Pre-blur is your noise lever — but it adapts automatically. The effective pre-blur radius is scaled by the image’s EXIF ISO value (√(ISO/400), capped at 3×) and by the image width (√(width/512), capped at 3×), so high-ISO files and larger images automatically receive more pre-smoothing without manual intervention. The slider sets the baseline; adjust it upward for scenes with particularly prominent out-of-focus texture — water, foliage, bokeh — or downward for very clean, low-ISO files where you want maximum edge sensitivity.

Subject texture matters. Smooth, low-contrast surfaces — clear sky, still water, skin — produce a weak Laplacian response even when perfectly focused, because there is little edge detail to detect. Focus peaking works best on subjects with natural texture: feathers, fur, foliage, fabric.

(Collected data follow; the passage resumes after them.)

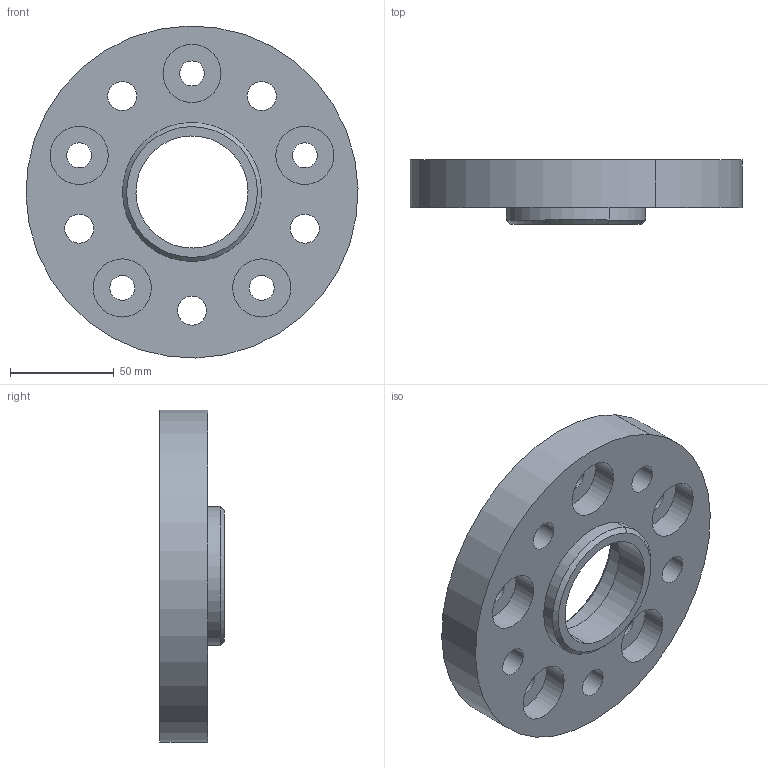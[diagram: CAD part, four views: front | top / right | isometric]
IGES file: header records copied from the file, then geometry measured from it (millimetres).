
Start section: START RECORD GO HERE.
Global section: file name: calle roue.igs; native system: IBM CATIA IGES - CATIA Version 5 Release 19 ; preprocessor: CATIA Version 5 Release 19 ; author: MOI; organization: CLIO; date: 20240616.184923; units: millimetre
Bounding box: 159.96 x 31 x 159.96 mm (x, y, z)
Surface area: 65178.7 mm2 (no closed solid volume)
Topology: 0 solids, 0 shells, 66 faces, 304 edges, 304 vertices
Faces by surface type: revolution 52, plane 14
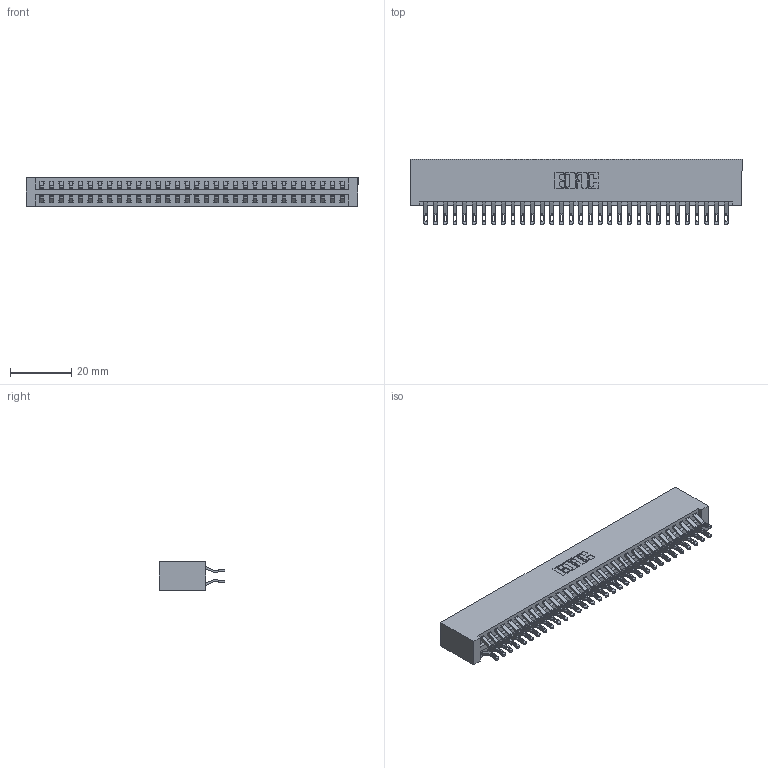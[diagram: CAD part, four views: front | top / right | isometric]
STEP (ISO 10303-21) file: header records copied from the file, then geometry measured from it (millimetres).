
FILE_DESCRIPTION (( 'STEP AP203' ), '1' );
FILE_NAME ('346-064-555-201.STEP', '2018-08-28T09:20:02', ( '' ), ( '' ), 'SwSTEP 2.0', 'SolidWorks 2016', '' );
FILE_SCHEMA (( 'CONFIG_CONTROL_DESIGN' ));
Length unit declared in the file: inch
Products named in the file (3): 346 Part_No Mounting Lugs; 345-292-001_555 Tail; 346-064-555-201
Assembly tree (65 placements, depth 2):
  346-064-555-201
    346 Part_No Mounting Lugs
    345-292-001_555 Tail  x64
Bounding box: 108.84 x 21.46 x 9.4 mm (x, y, z)
Volume: 11294.4 mm3; surface area: 16192.7 mm2
Topology: 65 solids, 65 shells, 3826 faces, 12017 edges, 8010 vertices
Faces by surface type: plane 2184, cylinder 1642
Entity records: 22279 total; most frequent: CARTESIAN_POINT 3718, ORIENTED_EDGE 3622, DIRECTION 3291, EDGE_CURVE 1811, LINE 1539, VECTOR 1539, VERTEX_POINT 1206, AXIS2_PLACEMENT_3D 876

RAW vs JPG. The mask is more effective when applied to extracted JPGs rather than thumbnails. Thumbnails are heavily processed and downscaled before RawCull sees them, which reduces the fine edge detail the Laplacian depends on.

Summary

RawCull’s Focus Peaking runs a Laplacian of Gaussian pipeline entirely on the GPU via Metal. An ISO- and resolution-adaptive Gaussian pre-blur suppresses noise and out-of-focus texture; an 8-neighbour Laplacian kernel detects genuine sharpness spikes; thresholding followed by morphological erosion and dilation (both quantised to whole pixels) produces a clean, solid mask; a 4 % border inset removes pre-blur edge artifacts; a final feather pass softens the overlay edges; and screen blending composites the red overlay non-destructively over the original image. The result is a fast, accurate, and visually interpretable sharpness map that makes focus assessment immediate — particularly valuable when reviewing large numbers of action or wildlife shots where critical focus on a small moving subject is difficult to judge from the image alone.